Repeat all the records exactly, omitting pictures.
* * * * * * *
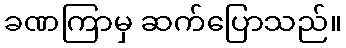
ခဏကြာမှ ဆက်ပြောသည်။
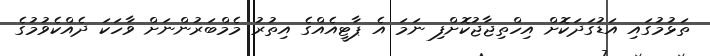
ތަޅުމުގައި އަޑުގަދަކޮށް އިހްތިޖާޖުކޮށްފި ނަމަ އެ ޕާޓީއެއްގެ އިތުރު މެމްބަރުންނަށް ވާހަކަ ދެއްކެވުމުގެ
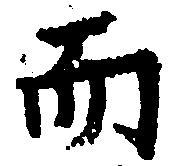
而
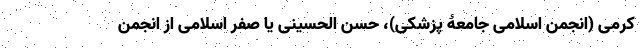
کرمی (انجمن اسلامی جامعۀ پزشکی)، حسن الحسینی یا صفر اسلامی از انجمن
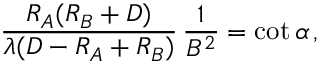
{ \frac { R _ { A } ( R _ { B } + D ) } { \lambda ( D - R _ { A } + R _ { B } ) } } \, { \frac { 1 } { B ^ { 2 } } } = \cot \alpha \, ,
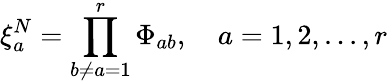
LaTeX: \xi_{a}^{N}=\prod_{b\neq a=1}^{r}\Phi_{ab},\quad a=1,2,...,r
* * * * * * *
=== YOUR SOLUTION ===
ခဏကြာမှ ဆက်ပြောသည်။
ތަޅުމުގައި އަޑުގަދަކޮށް އިހްތިޖާޖުކޮށްފި ނަމަ އެ ޕާޓީއެއްގެ އިތުރު މެމްބަރުންނަށް ވާހަކަ ދެއްކެވުމުގެ
而
کرمی (انجمن اسلامی جامعۀ پزشکی)، حسن الحسینی یا صفر اسلامی از انجمن
{ \frac { R _ { A } ( R _ { B } + D ) } { \lambda ( D - R _ { A } + R _ { B } ) } } \, { \frac { 1 } { B ^ { 2 } } } = \cot \alpha \, ,
LaTeX: \xi_{a}^{N}=\prod_{b\neq a=1}^{r}\Phi_{ab},\quad a=1,2,...,r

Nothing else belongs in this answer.